The problem, as Nick Nolte pointed out, is that sometimes our emotional allegiance to a sports franchise clouds our collective brains when it comes to the business of professional sports. To see how some franchises play on our emotions, one only has to look across 826 to the (spit) Miami Marlins. Oh, how SDM hates that repugnant deal.

Just imagine if, instead of a half-empty baseball stadium, Miami-Dade had a brand-spanking new convention center on that very same spot. It’s heartbreaking to consider the potential alternative uses of a billion dollars, especially given the Marlins behavior since, well, forever.

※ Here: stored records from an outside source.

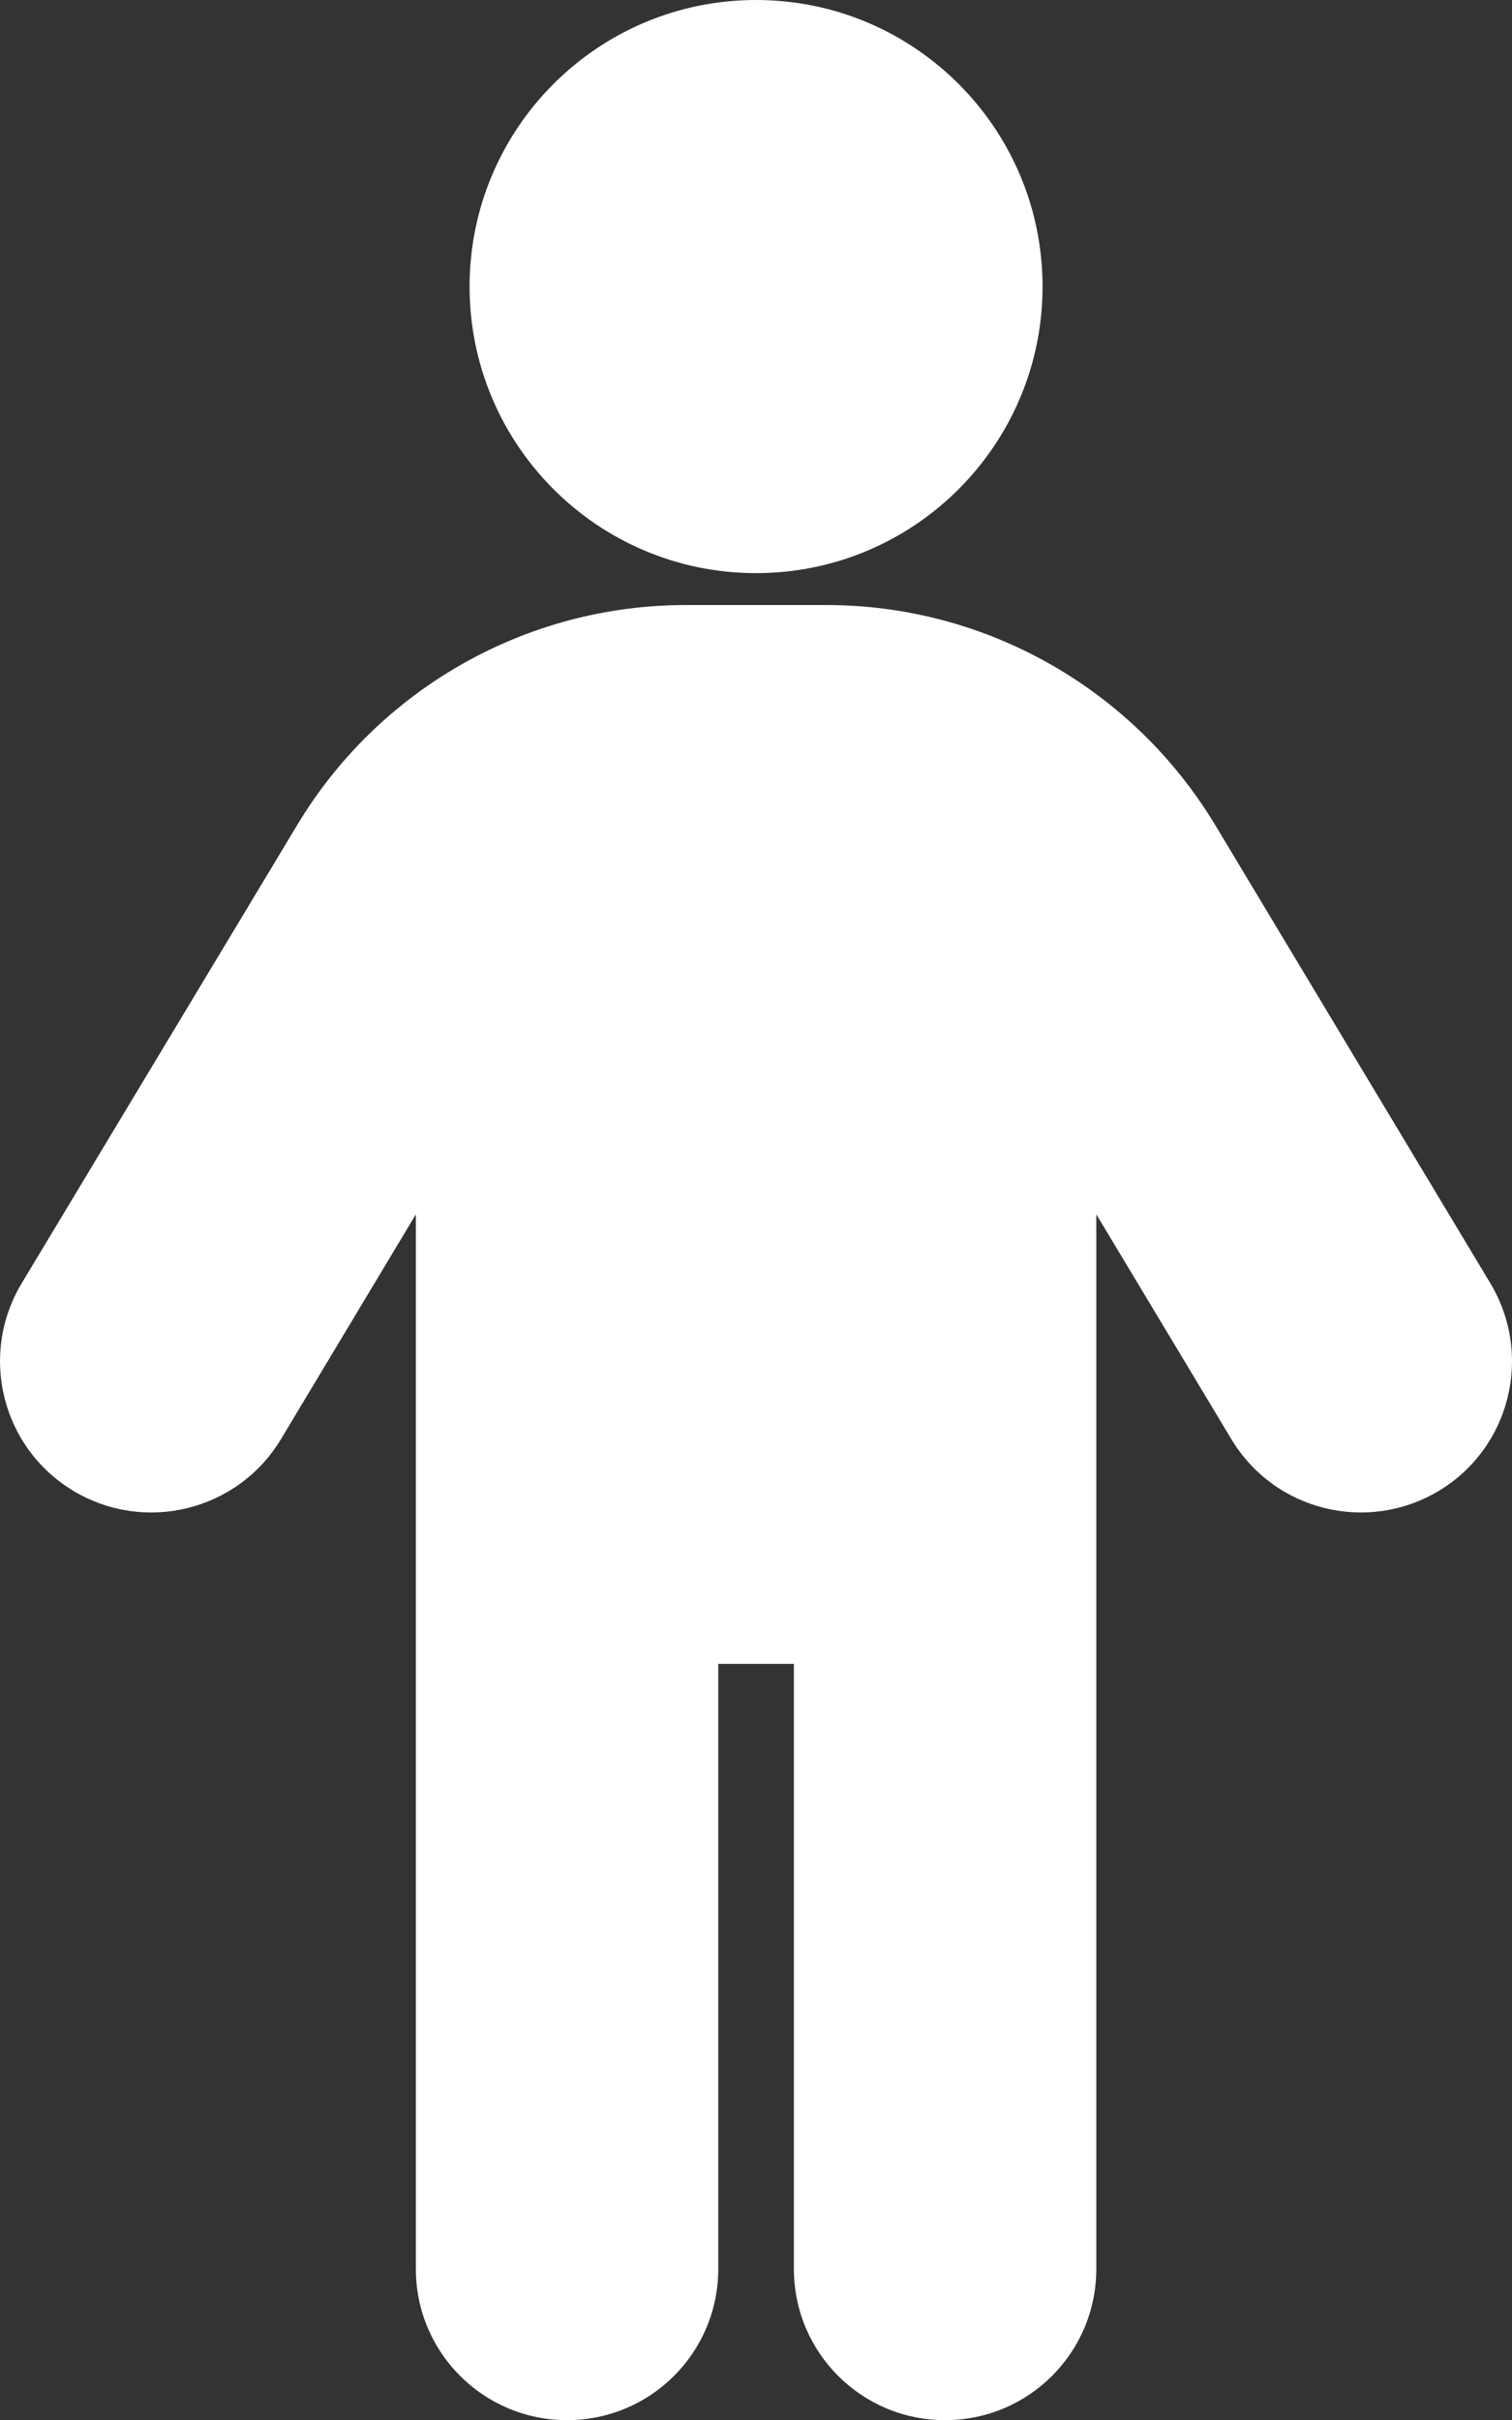 <?xml version="1.0" encoding="utf-8"?>
<!-- Generator: Adobe Illustrator 26.1.0, SVG Export Plug-In . SVG Version: 6.00 Build 0)  -->
<svg version="1.1" id="レイヤー_1" xmlns="http://www.w3.org/2000/svg" xmlns:xlink="http://www.w3.org/1999/xlink" x="0px"
	 y="0px" width="155.615px" height="249px" viewBox="0 0 155.615 249" enable-background="new 0 0 155.615 249"
	 xml:space="preserve">
<rect x="0" y="0" width="155.615" height="249" fill="#333333" stroke="none"/>
<path fill="#FFFFFF" d="M107.299,29.484c0,16.284-13.207,29.484-29.484,29.484S48.33,45.768,48.33,29.484S61.537,0,77.814,0
	S107.299,13.2,107.299,29.484z M73.924,171.188v62.25c0,8.608-6.954,15.562-15.562,15.562s-15.562-6.954-15.562-15.562v-108.5
	l-13.894,23.149c-4.426,7.344-13.987,9.727-21.355,5.301c-7.368-4.426-9.751-13.958-5.324-21.35l28.342-47.125
	c8.438-14.055,23.611-22.663,40-22.663h14.493c16.389,0,31.563,8.608,40.025,22.663l28.304,47.125
	c4.426,7.392,2.043,16.924-5.301,21.35c-7.392,4.426-16.924,2.043-21.35-5.301l-13.909-23.149v108.5
	c0,8.608-6.954,15.562-15.562,15.562s-15.562-6.954-15.562-15.562v-62.25H73.924z"/>
</svg>

SDM Says: It’s time for some tough love. Our beloved Heat must be told in no uncertain terms that operating arenas is a business. The community deserves a return on its investment now and that return must be delivered in American Dollars. Sure, we love the game, the players and the team. But it’s high time they love us back in kind.

PB: Palmer’s Latest News – Positive & Perplexing

SDM sometimes wakes up wondering how the universe functions, especially after reading this momentous article in the Miami Herald:

Court rules Palmetto Bay is not on the hook for Palmer Trinity’s legal fees

By Howard Cohen
The Miami Herald

The Miami-Dade Circuit Court has ruled in favor of Palmetto Bay, which argued it does not have to pay the legal fees connected with its longstanding battle over Palmer Trinity School’s expansion.On Nov. 5 the court denied the school’s request that the village pay its attorney’s fees and costs, which could have totaled more than $300,000.

In July, the school won the right to expand to 1,150 students and, with that victory, filed a motion to collect legal fees.

In August, Palmetto Bay petitioned the Third District Court of Appeal to reconsider its July order that the village pay the school’s attorney’s fees. In September, the appeals court reversed its earlier ruling that the village pay the school’s legal fees. The case went back to the Circuit Court, which ruled in favor of the village.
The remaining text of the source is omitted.